Малейшее движение причиняло боль.
– Три жены у меня было, и ни одна из них девкой не оказалась. А тут вон оно как подфартило… Кто бы знал… Такая глушь, а девки вон какие встречаются! А может, мне жениться на тебе, а? Что скажешь, красавица? – застегивая ремень, оскалился Рыжков. – Это сейчас я в небольших чинах, а там, глядишь, может и генералом Красной армии стану! Ладно, пойду я! Там уже заждались.
Громко хлопнув дверью, Рыжков вышел из сарая.
Преодолевая боль, девушка поправила сарафан, поднялась с соломы. На одеяле остался лежать кустик рассыпавшейся петрушки. Закрыв лицо руками, она горько зарыдала.
– Что-то вы больно долго картошку собирали, – укоризненно произнес Феоктистов, когда Рыжков с довольной ехидной улыбкой вошел в избу: – Мы тут заждались.
– Дельце у меня было одно неотложное. – Натолкнувшись на сердитый взгляд гауптштурмфюрера Штольце, насильник добавил: – Ну как я мог девке отказать, если она просит? Грех это! Обхватила мою шею руками, не оторвать! Пришлось уважить. Ох, и сладкая попалась дивчина!

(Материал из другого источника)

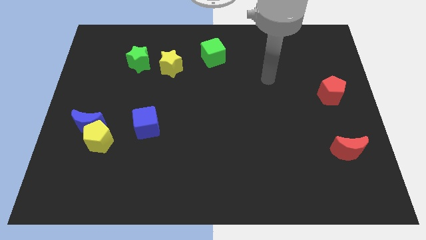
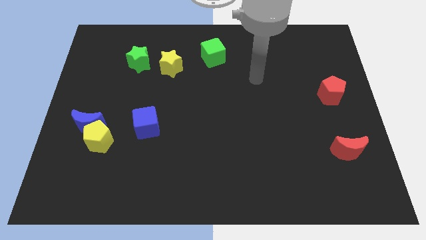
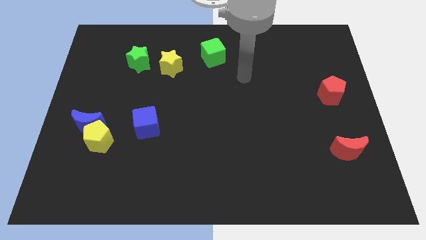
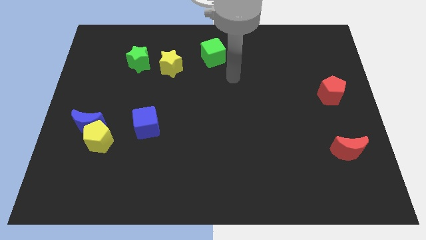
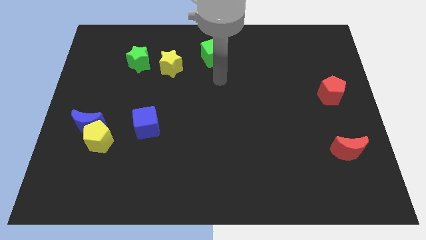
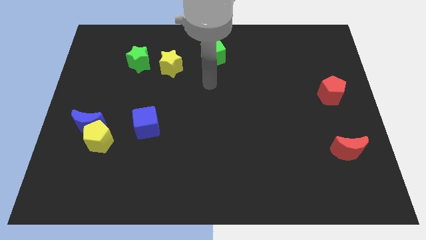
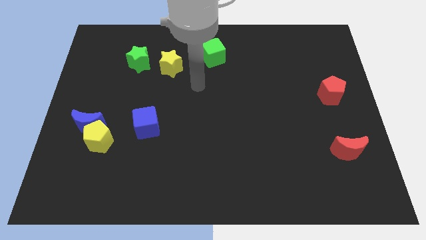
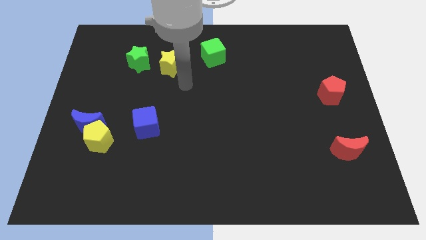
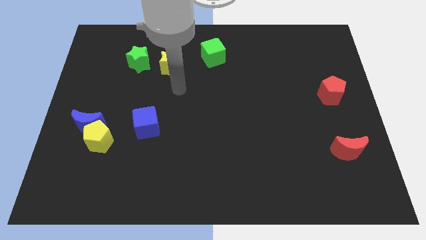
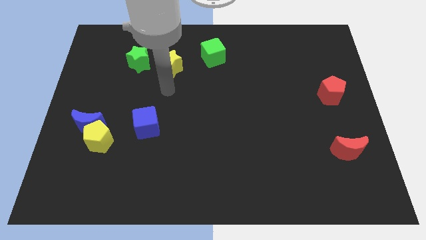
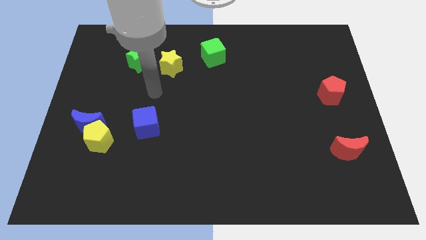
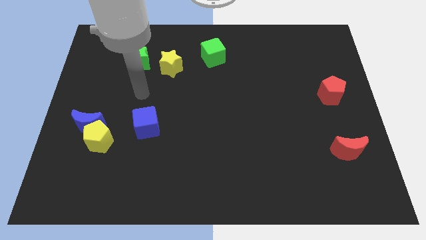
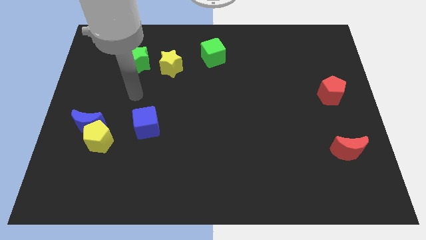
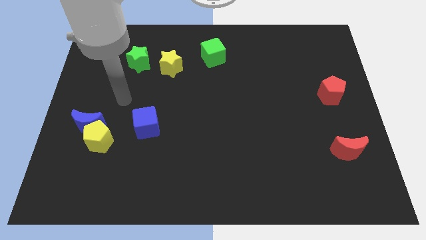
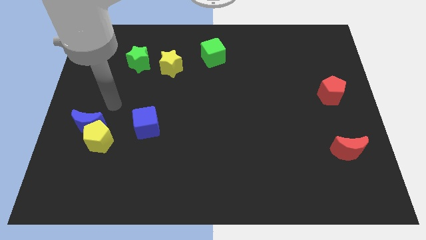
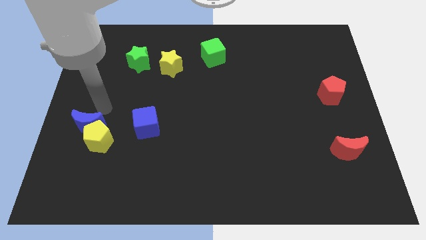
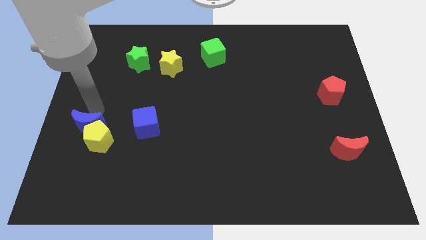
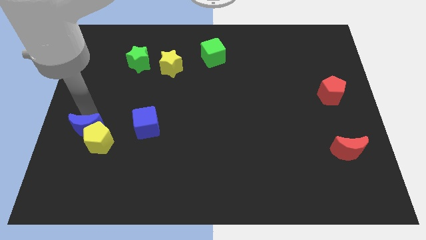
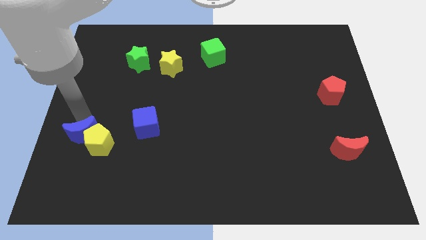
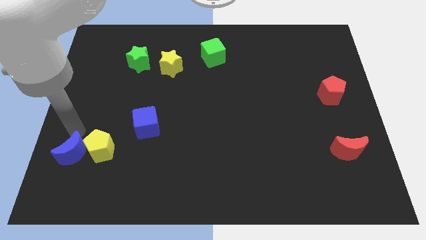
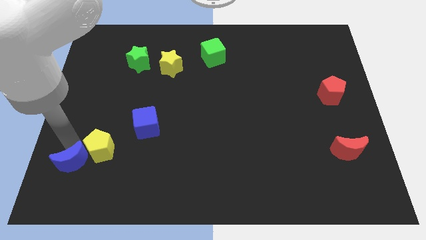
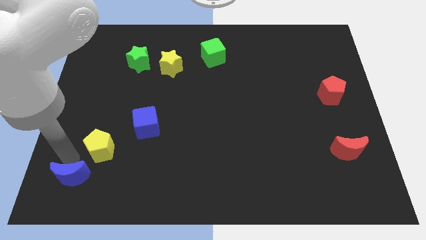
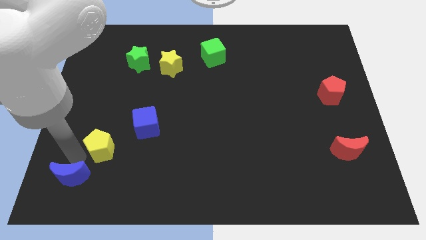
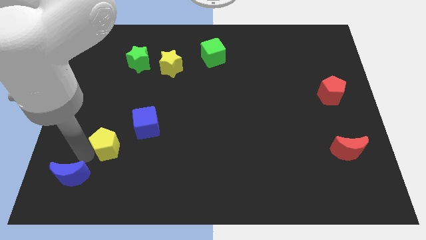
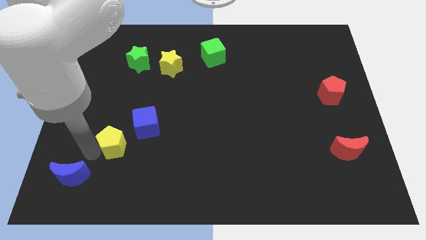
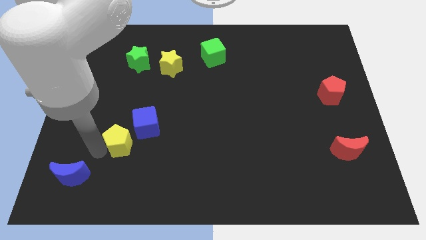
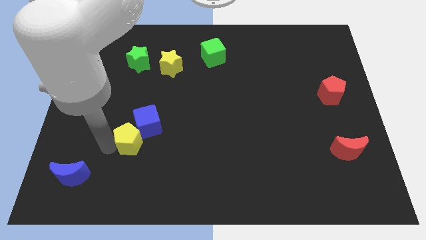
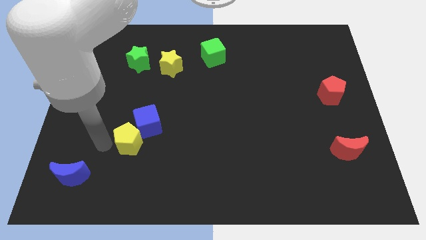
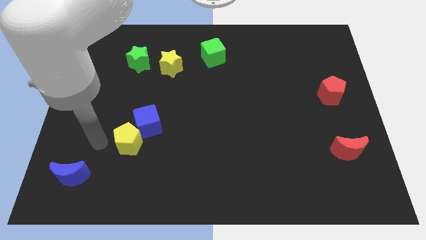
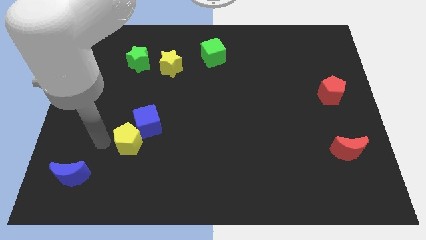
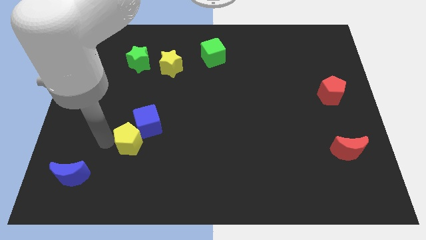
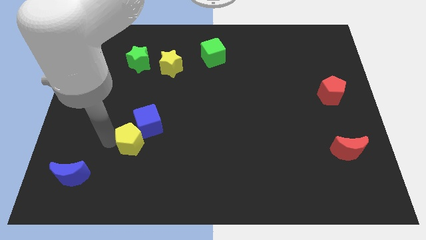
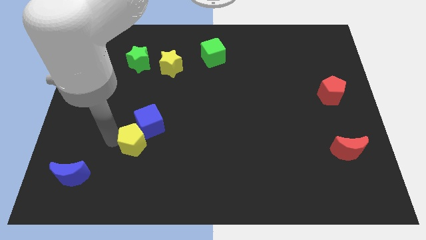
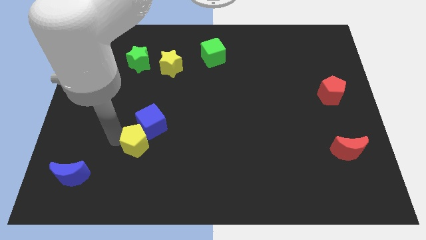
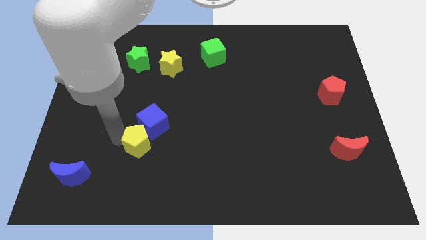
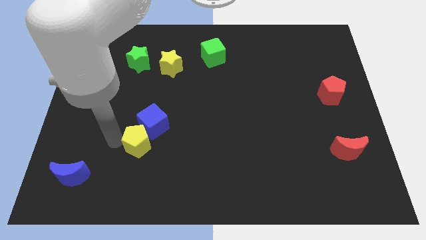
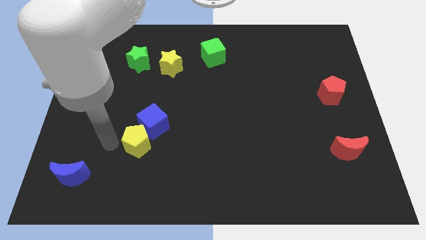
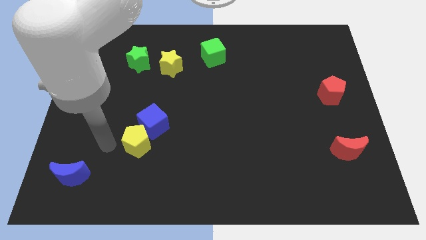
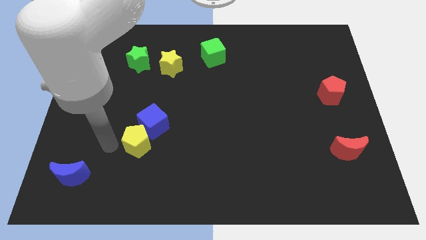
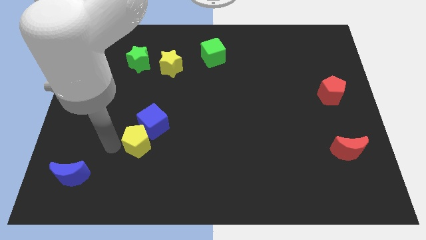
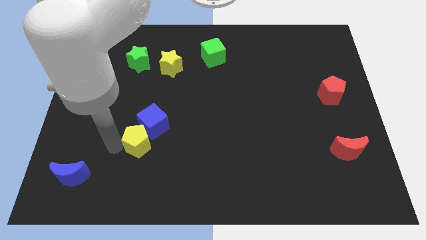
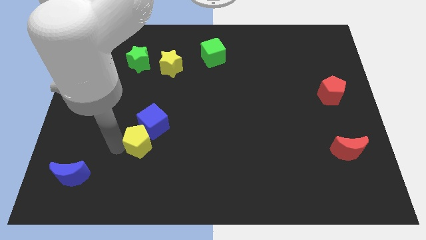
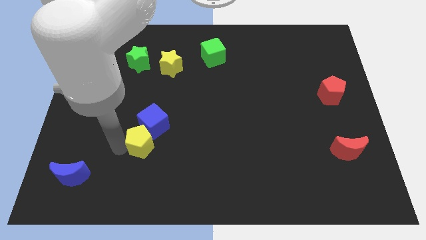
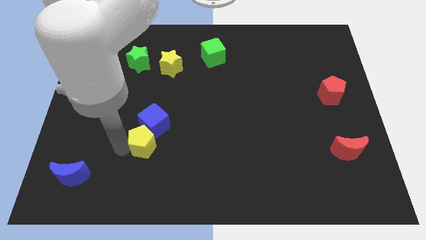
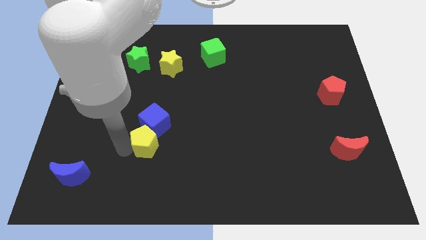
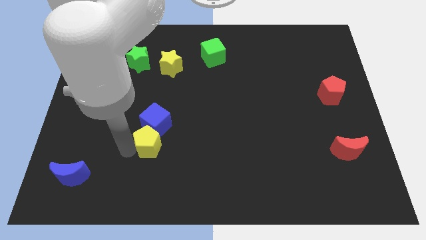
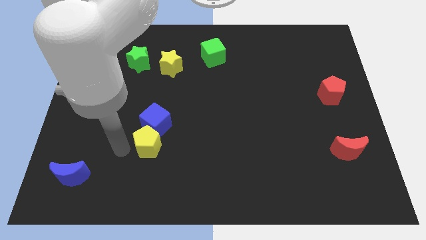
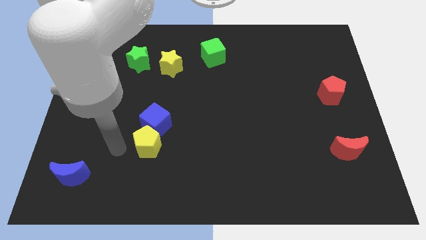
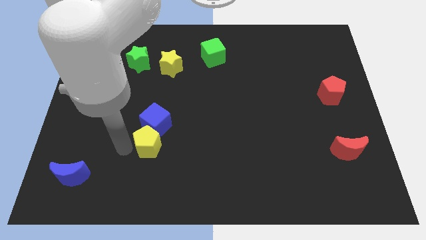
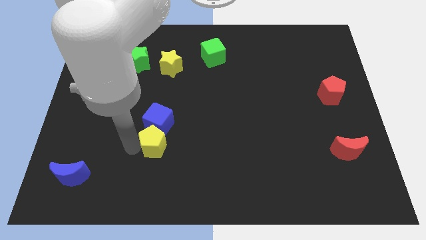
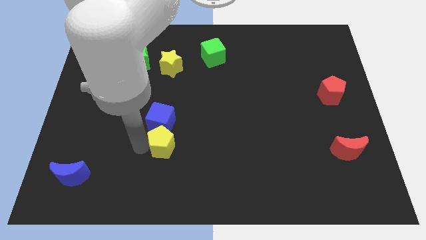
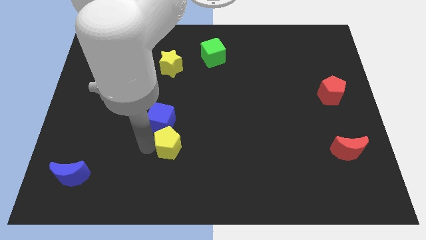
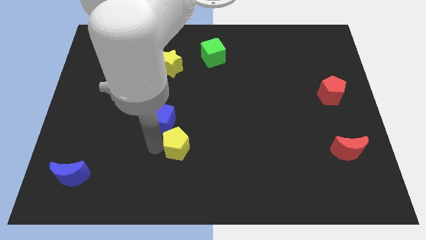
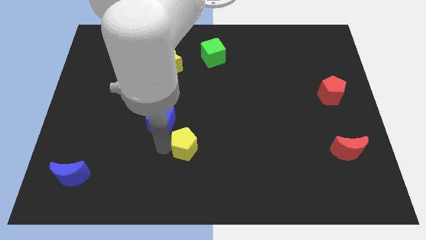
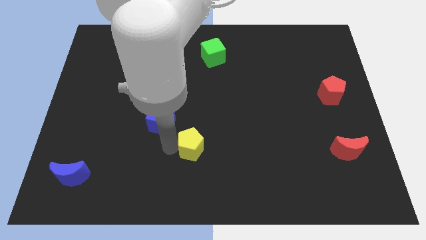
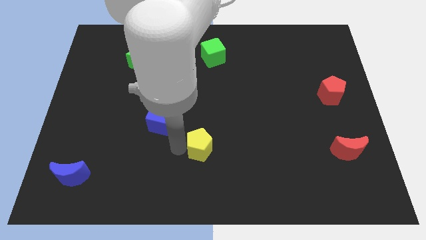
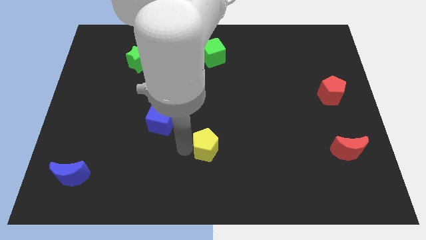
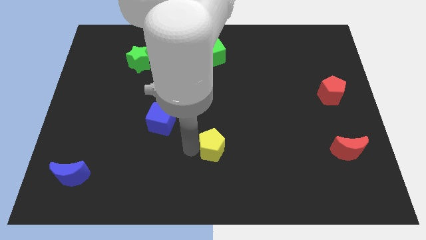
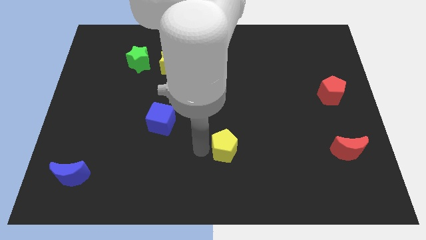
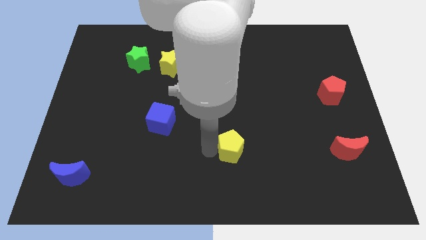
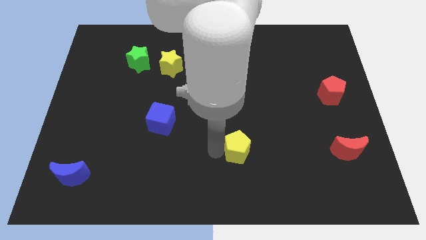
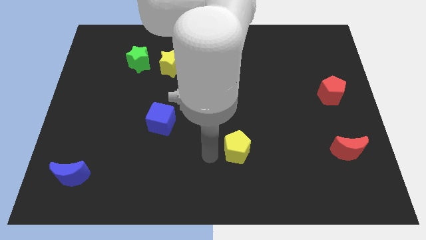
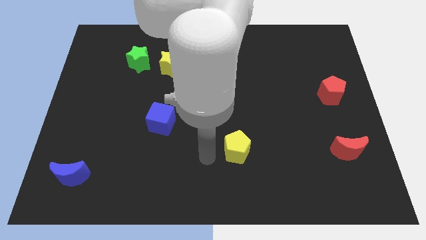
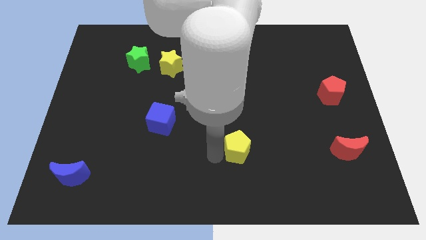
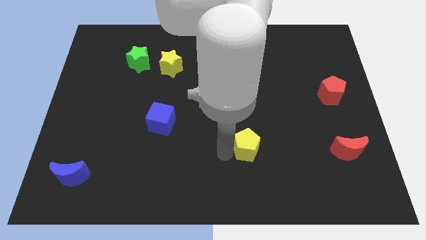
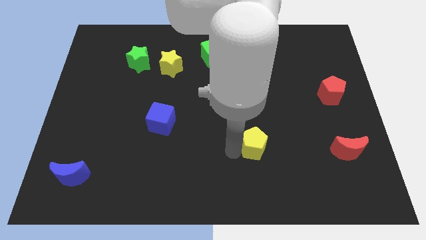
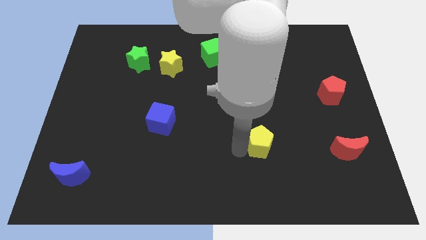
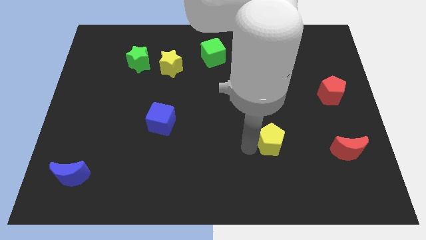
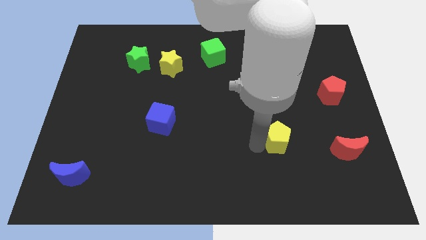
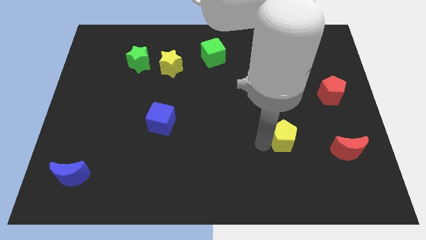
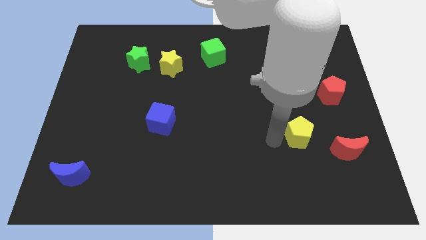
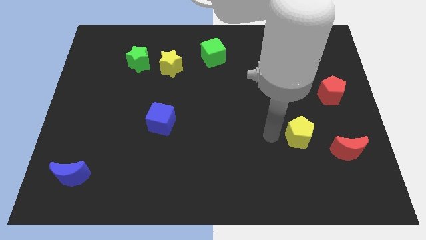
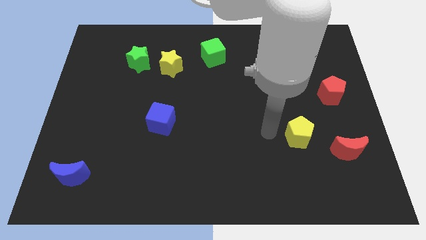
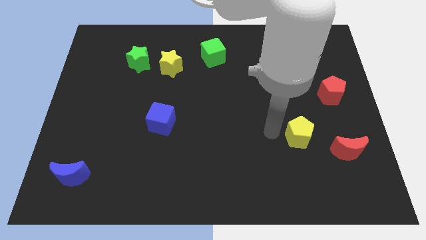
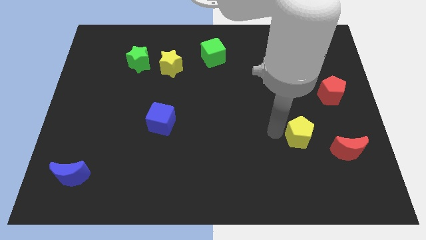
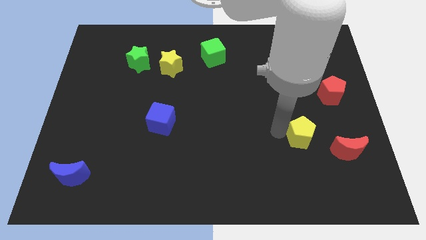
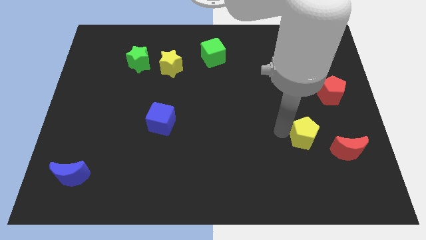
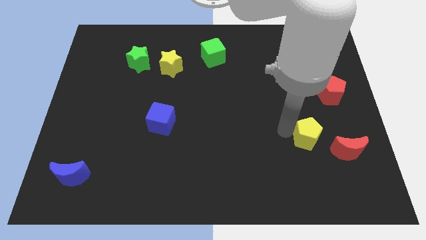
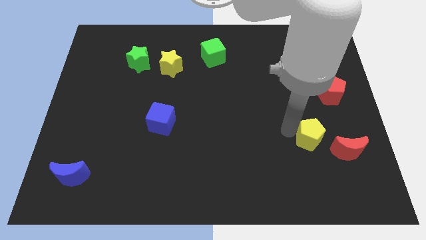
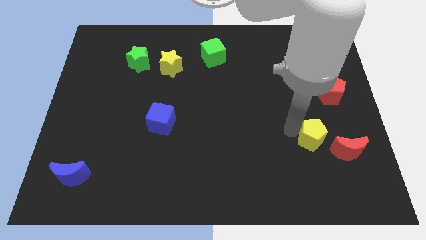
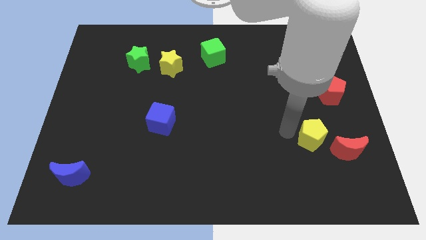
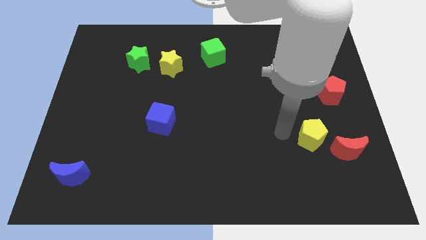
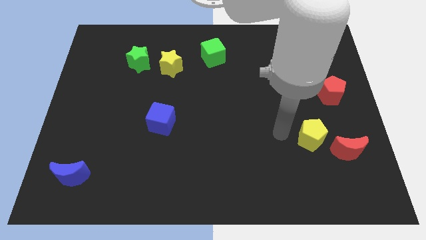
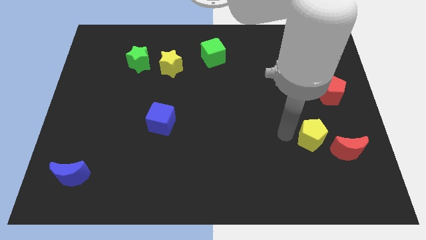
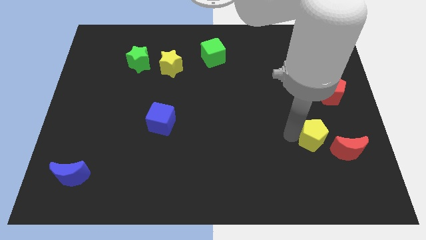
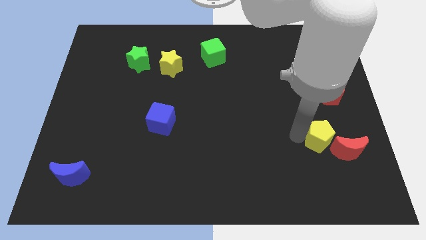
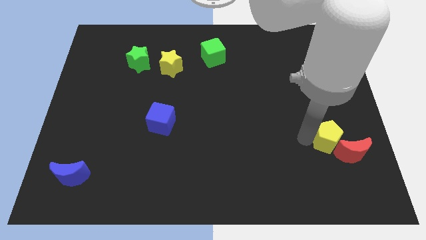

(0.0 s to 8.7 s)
push the yellow pentagon to the bottom of the red pentagon

– Почему она не выходит? – спросил гауптштурмфюрер.
– Видно, мужиков стесняется. Деревенские бабы – они такие.
– Она хоть принесет что-нибудь пожрать? А то этот сухой паек поперек горла стоит.
– Пойду спрошу, – сказал Рыжков.
Через некоторое время он вернулся, виновато посмотрел на Штольце, гневно взиравшего на него, объявил:
– Убежала девка! Весь двор перерыл, не нашел!
– Понятно, почему, – хмуро обронил гауптштурмфюрер, – лучше бы ты ее прирезал! Уходим отсюда по-быстрому, не хватало, чтобы она сюда смершевцев привела. Жратву в печке посмотрите, хлеб не забудьте взять, нам еще долго топать!
Штольце открыл дверь и вышел из избы. Старик продолжал сидеть на лавочке. Солнце пригревало. Подставляя жарким лучам лицо, сморщенное и пожелтевшее, дед довольно щурился.